# Powercolor HD 3850 Xtreme 512 MB



## W1zzard (Dec 5, 2007)

PowerColor's new HD3850 Xtreme is full of customization compared to the reference design. Instead of two DVI ports it has one DVI and one HDMI port which supports HD video playback with HDCP and digital audio straight off the GPU. In addition to that a custom cooler by Zerotherm ensures that the card stays cool no matter what you throw at it. Another bonus is that the memory size has been doubled to 512 MB of 1.0 ns GDDR3 memory.

*Show full review*


----------



## DrunkenMafia (Dec 7, 2007)

Great review W1zz...  :toasst:

When are we going to see a 3870 review???  that is what i am interested to see.  I know the 3850 is midrange and the results are pretty much exactly where they should be in all the tests but it would be nice to see some 3870 graphs in there too..


----------



## mandelore (Dec 7, 2007)

interesting, and that all the new ATI cards still get pwned by the 2900xt... aint we meant to be going a step forwards not back?

granted, the newer cards have some nice features, but we want some killer performance


----------



## Vegnagun666 (Dec 7, 2007)

I don't think I will buy a nwer ATI card anytime soon


----------



## mdm-adph (Dec 7, 2007)

Strange... according to those tests, I don't see much of an advantage in getting the 3870 over this card... is it the increased RAM over the 256MB that 3850's usually have?


----------



## choppy (Dec 8, 2007)

this is a £115 card, why bother paying £150 for similar performance?!

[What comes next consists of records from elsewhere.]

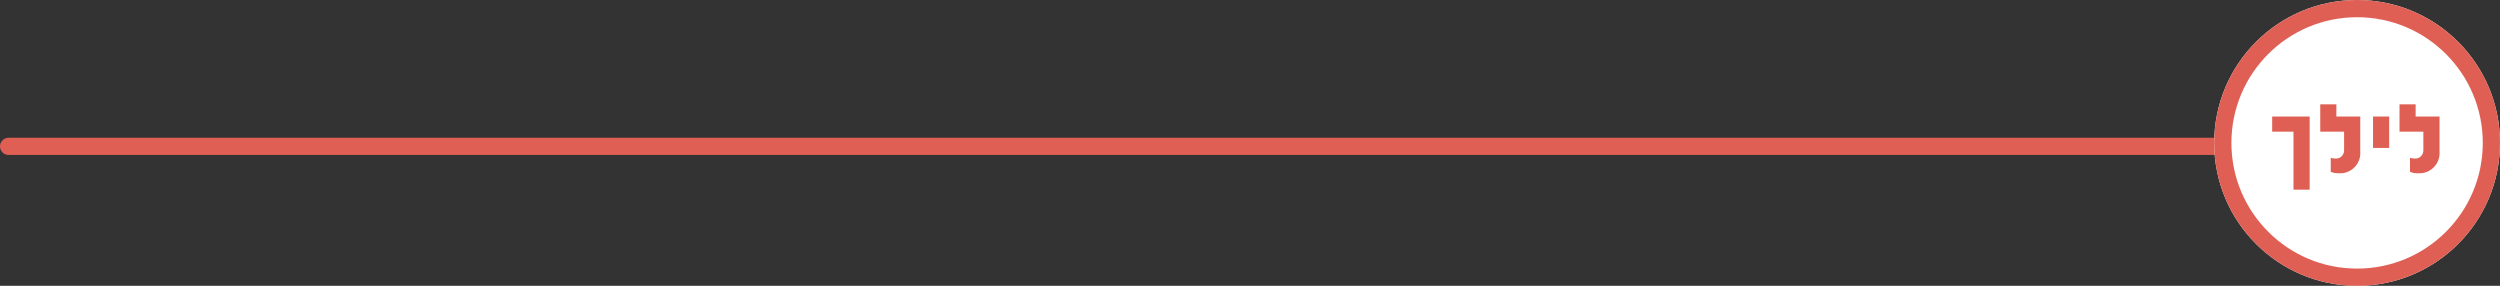 <svg xmlns="http://www.w3.org/2000/svg" width="726" height="83" viewBox="0 0 726 83">
  <rect x="0" y="0" width="726" height="83" fill="#333333" stroke="none"/>
  <g id="לילך" transform="translate(-254 -1349)">
    <line id="Line_5" data-name="Line 5" x1="641" transform="translate(256.5 1391.5)" fill="none" stroke="#df5f54" stroke-linecap="round" stroke-width="5"/>
    <g id="Ellipse_2" data-name="Ellipse 2" transform="translate(897 1349)" fill="#fff" stroke="#df5f54" stroke-width="5">
      <circle cx="41.5" cy="41.5" r="41.5" stroke="none"/>
      <circle cx="41.5" cy="41.5" r="39" fill="none"/>
    </g>
    <path id="Path_27" data-name="Path 27" d="M155.726,27.076h-4.7V10.242h-6.187V5.833h10.886ZM158.8,10.242V2.3h4.683V5.833h6.938V16.087a5.847,5.847,0,0,1-6.2,6.221,5.741,5.741,0,0,1-2.375-.41V17.8a3.655,3.655,0,0,0,1.572.222,2.155,2.155,0,0,0,1.675-.718,2.505,2.505,0,0,0,.632-1.743V10.242Zm20.012,4.717h-4.683V5.833h4.683Zm3.008-4.717V2.3H186.5V5.833h6.938V16.087a5.847,5.847,0,0,1-6.2,6.221,5.741,5.741,0,0,1-2.375-.41V17.8a3.655,3.655,0,0,0,1.572.222,2.155,2.155,0,0,0,1.675-.718,2.505,2.505,0,0,0,.632-1.743V10.242Z" transform="translate(769 1377)" fill="#df5f54"/>
  </g>
</svg>
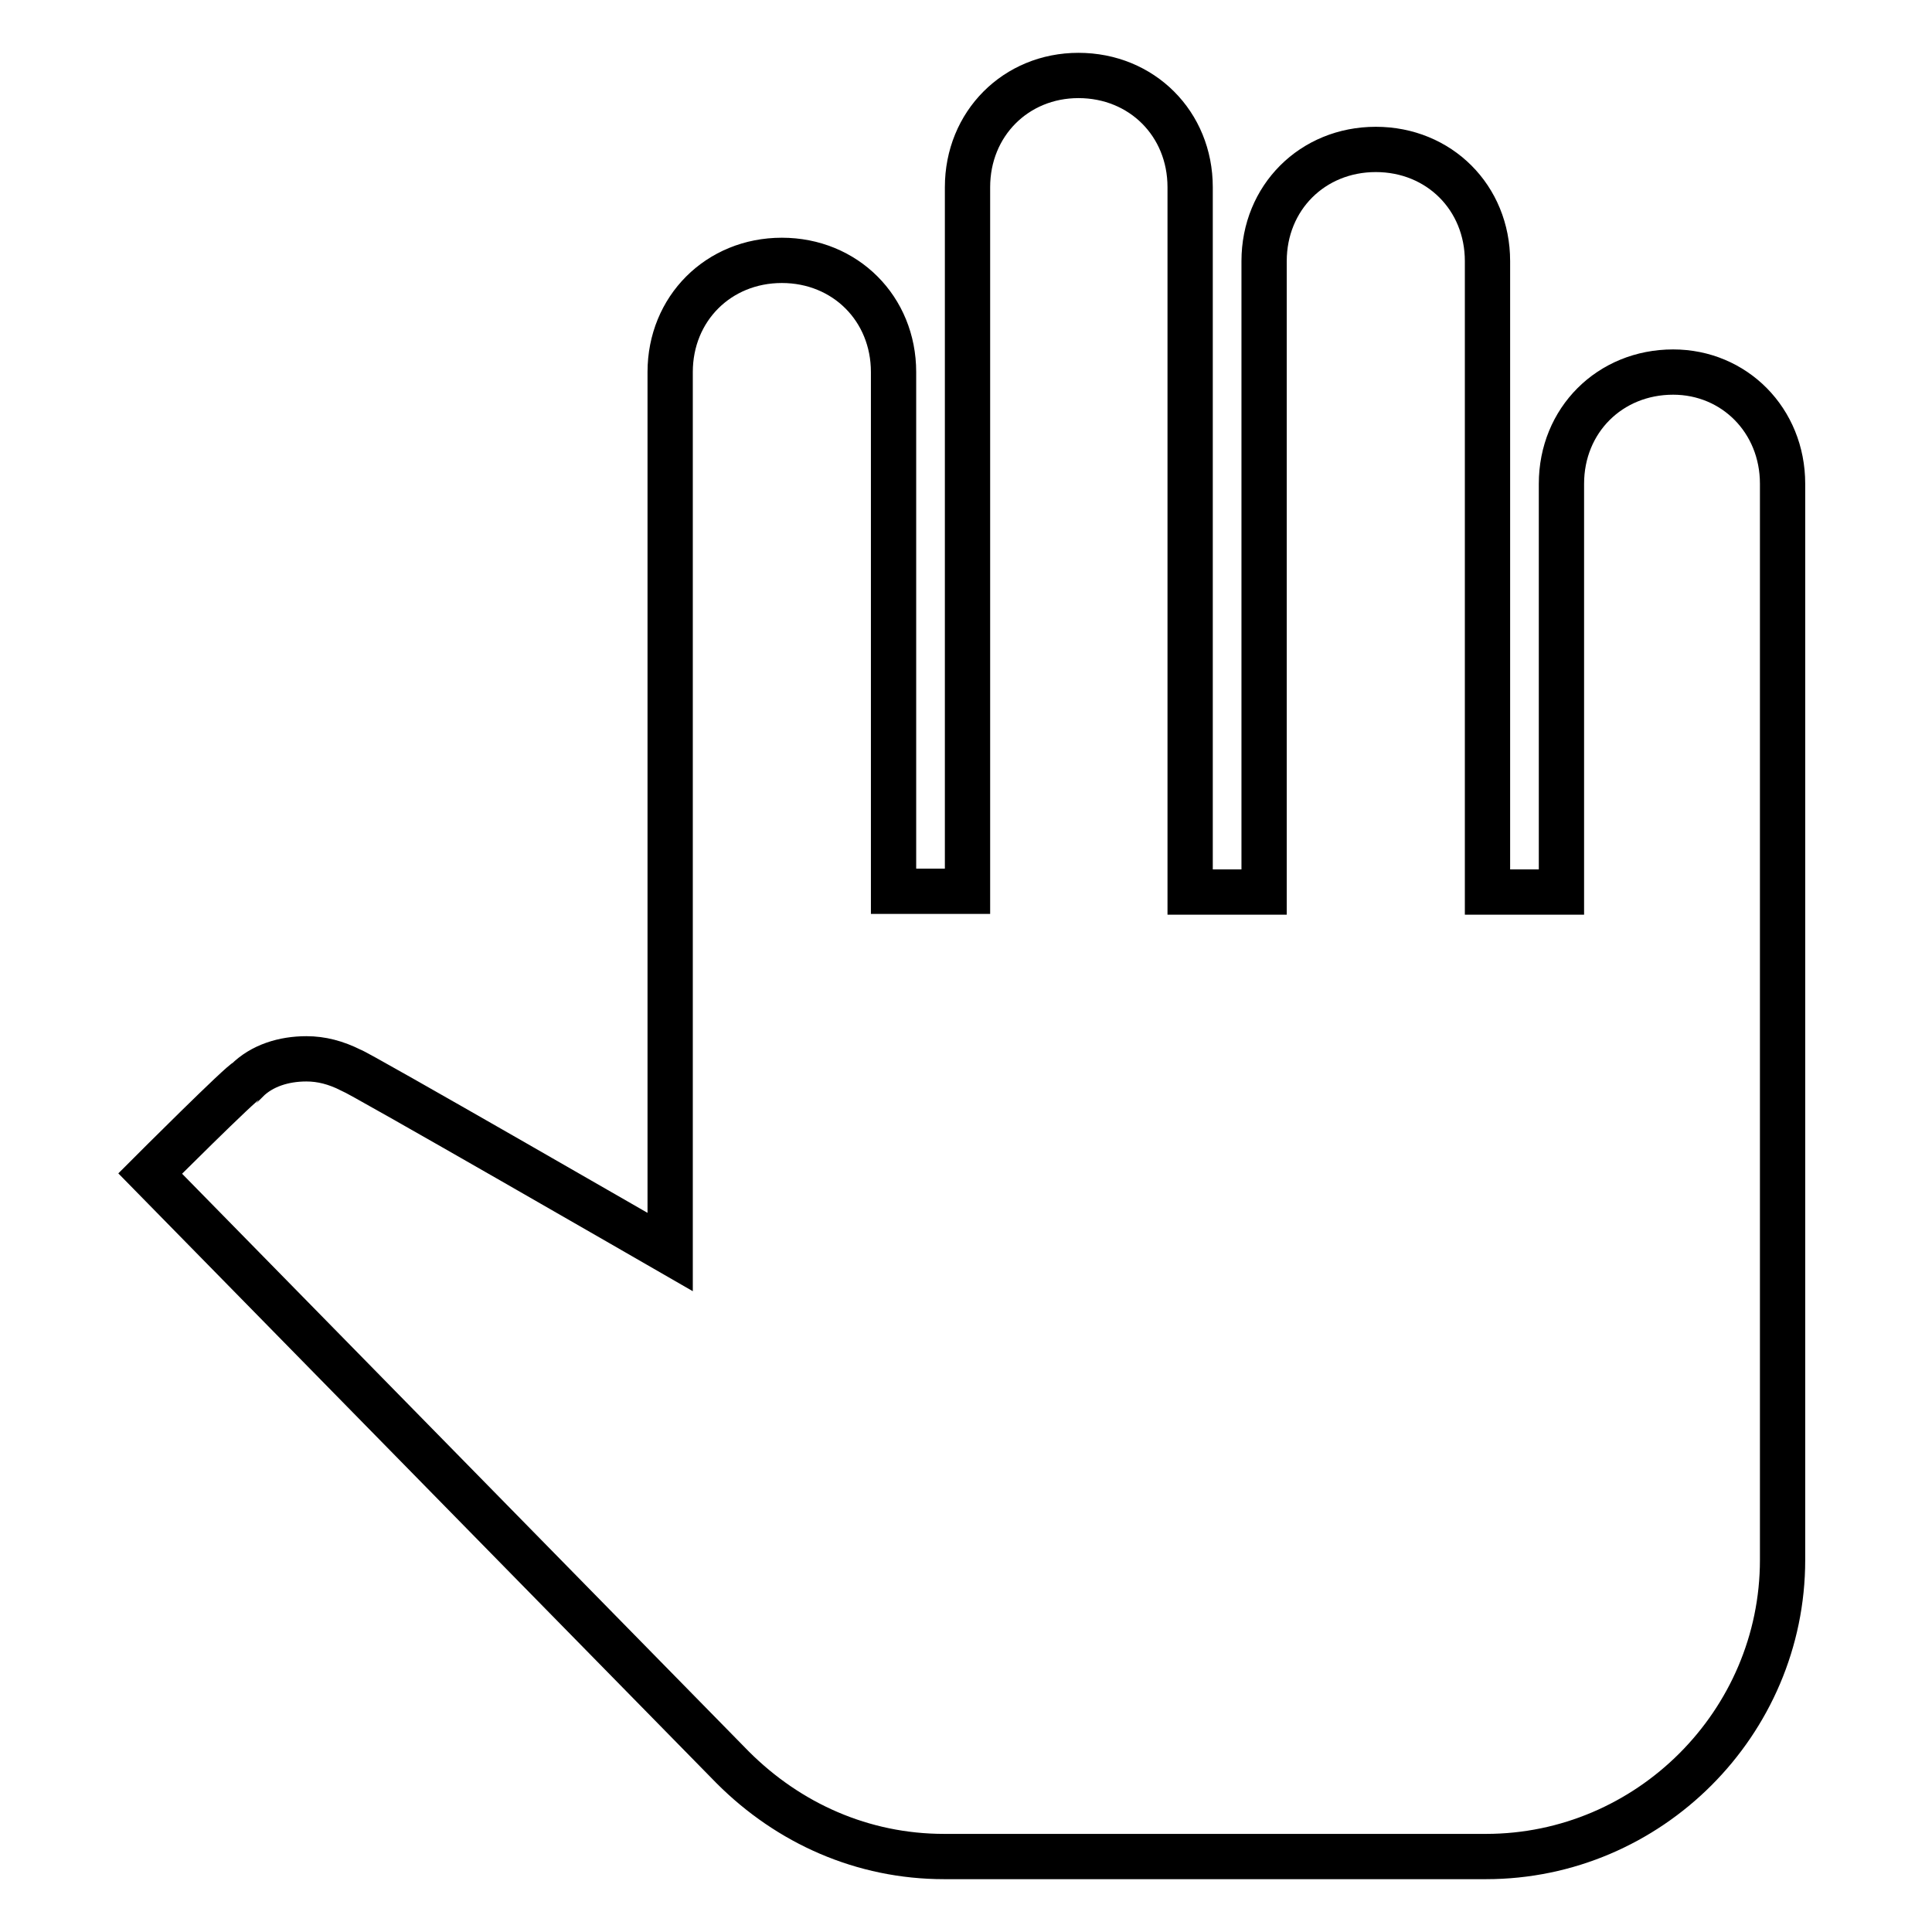 <?xml version="1.0" encoding="utf-8"?>
<!-- Svg Vector Icons : http://www.onlinewebfonts.com/icon -->
<!DOCTYPE svg PUBLIC "-//W3C//DTD SVG 1.1//EN" "http://www.w3.org/Graphics/SVG/1.1/DTD/svg11.dtd">
<svg version="1.1" xmlns="http://www.w3.org/2000/svg" xmlns:xlink="http://www.w3.org/1999/xlink" x="0px" y="0px" viewBox="0 0 256 256" enable-background="new 0 0 256 256" xml:space="preserve">
<g> <path stroke-width="6" fill-opacity="0" stroke="#000000"  d="M236.2,64.1v142.6c0,21.6-17.7,39.3-39.3,39.3h-71.8c-10.8,0-20.6-4.4-28-11.8l-77.2-78.7 c0,0,12.3-12.3,12.8-12.3c2-2,4.9-2.9,7.9-2.9c2,0,3.9,0.5,5.9,1.5c0.5,0,42.3,24.1,42.3,24.1V49.3c0-8.4,6.4-14.8,14.8-14.8 s14.8,6.4,14.8,14.8v68.8h9.8V24.8c0-8.4,6.4-14.8,14.7-14.8c8.4,0,14.8,6.4,14.8,14.8v93.4h9.8V34.6c0-8.4,6.4-14.8,14.8-14.8 c8.4,0,14.8,6.4,14.8,14.8v83.6h9.8V64.1c0-8.4,6.4-14.8,14.8-14.8C229.8,49.3,236.2,55.7,236.2,64.1z"/></g>
</svg>

w1zz (or anyone else), can you tell me the length of this card? wanna know if it'll fit in my case, cheers


----------



## Batou1986 (Dec 9, 2007)

Any word on a release date to retail ?


----------



## choppy (Dec 9, 2007)

Batou1986 said:


> Any word on a release date to retail ?



yes, its already selling lol! which country are you in, its selling in the uk for £115 which is very cheap imo


----------



## nubie (Dec 9, 2007)

*need unlocked bios.*

the bios still limit this card @862 gpu clock, i ve tried it with 1.4 gpu vcore (pencil mod) 
will be fantastic if amd/anyone release unlocked bios


----------



## DRDNA (Dec 9, 2007)

For the price to performance I am impressed.... as for the proformance itself I am not at all impressed.I will be waiting even longer for my next ATI/AMD upgrade.


----------



## Batou1986 (Dec 10, 2007)

damn i hope this makes it to us market

in fact id be willing to pay for someone to ship it from uk to us cause its way cheaper there 115 euro that 165 usd thats cheaper than the 256 version here which is like 200+


----------



## btarunr (Dec 10, 2007)

Great price, really. It does outperform the HD3870 in some tests. I didn't like the cooler though. The memory banks are left to cool by natural convection--bad. While you can OC the GPU better with this cooler, you dare not take the memory too far. Because heating the memory affects the bandwidth adversely. 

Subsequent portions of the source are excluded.